Yes I have some emails which I sent to that consultants for my paperwork and there are some news on online news channels which clearly shows about that scam.

And the owner got arrested by Indian police as well. they messed up with more than 300 people.


I am worried if that will really affect adversely my visa application of Australia which i will file in future. It involves lot of money so do not want to take a chance.


----------



## dream2_oz (Jul 13, 2013)

findraj said:


> Oh well, don't worry man..just be honest about your ban and let them decide for you..
> 
> If the letter says you are inadmissible to Canada or something then it's something to worry about but if such scary words are not written chill..
> 
> ...


Yes, It is written about inadmissibility for 2 years and I assume they write on every bans. May be I am wrong.

This is the thing which makes me scared and I do not want to lose money again.


----------



## trinkasharma (Mar 20, 2013)

BTW what is the consultant's name? He may be running another business like this now.


----------



## dream2_oz (Jul 13, 2013)

trinkasharma said:


> BTW what is the consultant's name? He may be running another business like this now.


The Tribune, Chandigarh, India - Chandigarh Stories


Fraud Healthyway Immigration Consultants: 30 More Fraud Case against Healtyway Immigration Fraud Consultants

Police arrest 2 more persons in the Healthyway immigration fraud case | Day & Night News


Complaints against Kakkar cross 200-mark - Times Of India


please check these


----------



## findraj (Sep 24, 2012)

dream2_oz said:


> Thank you all for your valuable responses.
> 
> I am worried if that will really affect adversely my visa application of Australia which i will file in future. It involves lot of money so do not want to take a chance.


Is it possible for you to post the document from CIC after blurring personal details??

..A lot of it depends on what is written in the letter...

It is ok to be worried, but trust me as far as I know it will not affect your Australian application. However, in such cases , the words written in the ban letter matter, because your CO will have to have a strong justification for denying you a visa..

Unlike Canada, all rejected applications have a chance to appeal (unless you submitted forged, false documents and CO believes you lied in your application)

Lets sort it out once and for all..

If it was so serious, CIC would have made you inadmissable..that would cause serious damage..


----------



## dragoman (Mar 29, 2013)

Hi All , 

In similar lines I have a question : 

I applied for Canadian PR Visa way back in 2006 , and unfortunately Canada just deleted all the files for Pre Feb 2008 Cases . The Visa was never Rejected , they just deleted all the Backlog ! This was a shameless decision which CIC took , ending hope for thousands of Applicants.

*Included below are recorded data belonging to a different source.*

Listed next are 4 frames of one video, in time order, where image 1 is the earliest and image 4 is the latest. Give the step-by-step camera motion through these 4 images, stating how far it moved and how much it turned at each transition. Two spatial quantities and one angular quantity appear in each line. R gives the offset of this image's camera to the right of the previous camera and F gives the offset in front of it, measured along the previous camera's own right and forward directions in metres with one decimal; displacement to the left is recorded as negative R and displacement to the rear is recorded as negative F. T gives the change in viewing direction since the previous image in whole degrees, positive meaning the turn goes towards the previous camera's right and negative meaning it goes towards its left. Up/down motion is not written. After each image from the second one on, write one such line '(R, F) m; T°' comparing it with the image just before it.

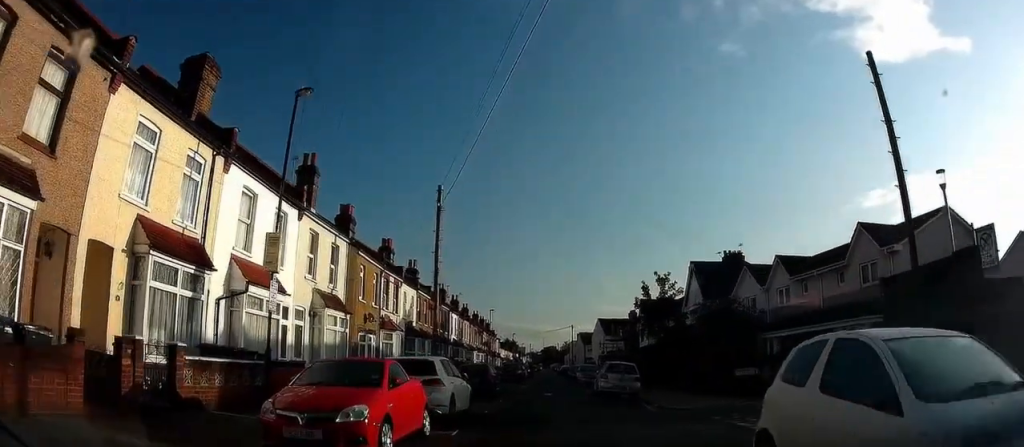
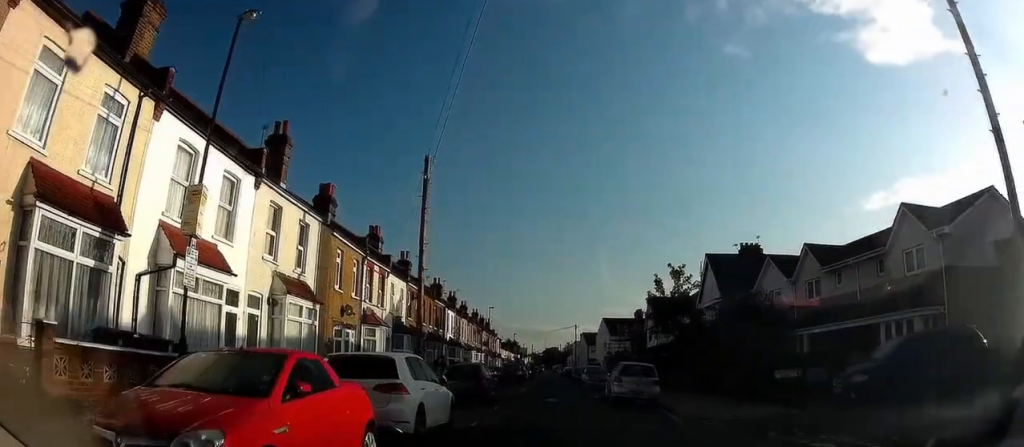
(0.0, +3.5) m; -1°
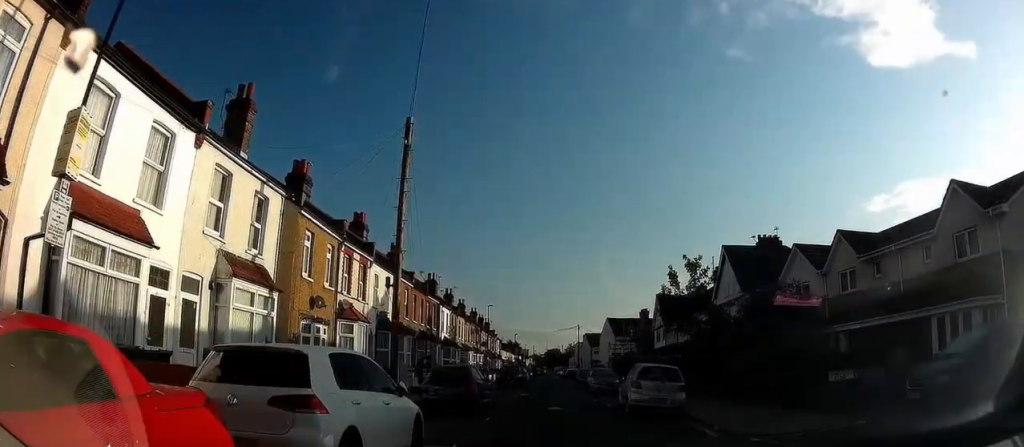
(0.0, +3.2) m; -1°
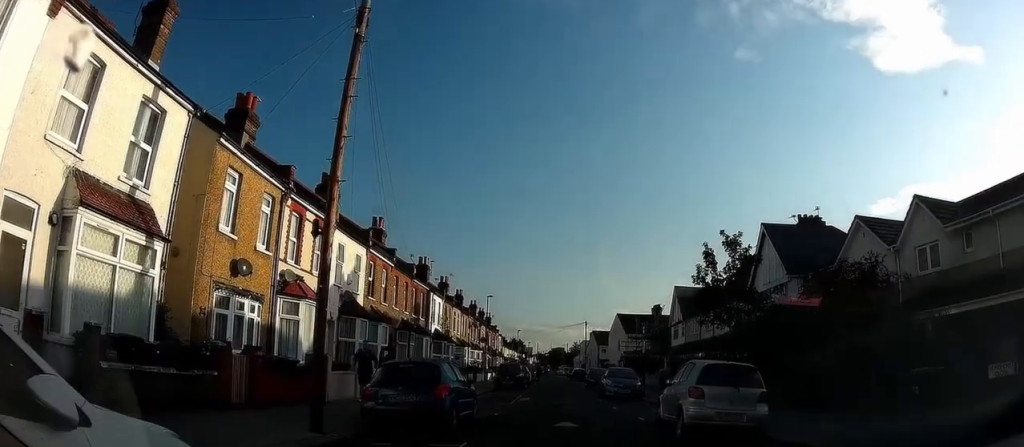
(-0.1, +6.2) m; +1°

So while applying I mentioned " NO " for Visa Rejection . As this was certainly not my Fault , if they could not even start processing my application .

Have I done the correct thing or should have mentioned this while applying ? 

I got my US , Singapore , Malyasia , Scheghen , UK visa post this and there was never any rejections . Please suggest 

Notice – Fee Returns for Federal Skilled Worker applicants affected by the backlog elimination measure

Hope ends for pre-2008 Canada applicants - Emirates 24/7

Backlog Wipe-out | CICS Immigration Consulting - Canada


----------



## trinkasharma (Mar 20, 2013)

dragoman's is a well know issue.

I would suggest him to keep all the official notifications safe for now.


----------



## dragoman (Mar 29, 2013)

Thanks but mentioning "NO" , for Visa Rejection was correct right ? Or should have mentioned "Yes" instead .

Although NO sounded more logical to me , as the Visa was never Rejected.

Dragoman


----------



## snarayan (Jun 28, 2013)

It's a very straightforward question on your application... If you have been rejected or denied entry, you should state a "YES" else "NO"

In your case, I believe you have done it right. Btw what did you mention on the other visa applications that you were granted post this incident?


----------



## dragoman (Mar 29, 2013)

snarayan said:


> It's a very straightforward question on your application... If you have been rejected or denied entry, you should state a "YES" else "NO"
> 
> In your case, I believe you have done it right. Btw what did you mention on the other visa applications that you were granted post this incident?


I don't think it specifically asked for the Visa's you have been granted , while lodging the application it only wanted details of the countries where you have Lived.

I only lived in UK for 2-3 years in last 10 years so mentioned only this . Other countries i went on Business Visa ans stayed for few weeks to a month .


Dragoman


----------



## snarayan (Jun 28, 2013)

dragoman said:


> I don't think it specifically asked for the Visa's you have been granted , while lodging the application it only wanted details of the countries where you have Lived.
> 
> I only lived in UK for 2-3 years in last 10 years so mentioned only this . Other countries i went on Business Visa ans stayed for few weeks to a month .
> 
> ...


No, let me rephrase my question...

For instance when you filed your Uk visa application, did you mention that your canada visa was rejected or did you leave the section blank. You will have to do the same thing with this one.

Hope this helps.


----------



## dragoman (Mar 29, 2013)

snarayan said:


> No, let me rephrase my question...
> 
> For instance when you filed your Uk visa application, did you mention that your canada visa was rejected or did you leave the section blank. You will have to do the same thing with this one.
> 
> Hope this helps.


Well when I was in Uk or applied for the Work Visa , my PR Visa was still in Que . Only last year around May 2012 , my Canadian dreams were shattered formally ! So I didn't mention anything related to this while I was in UK or for other visas.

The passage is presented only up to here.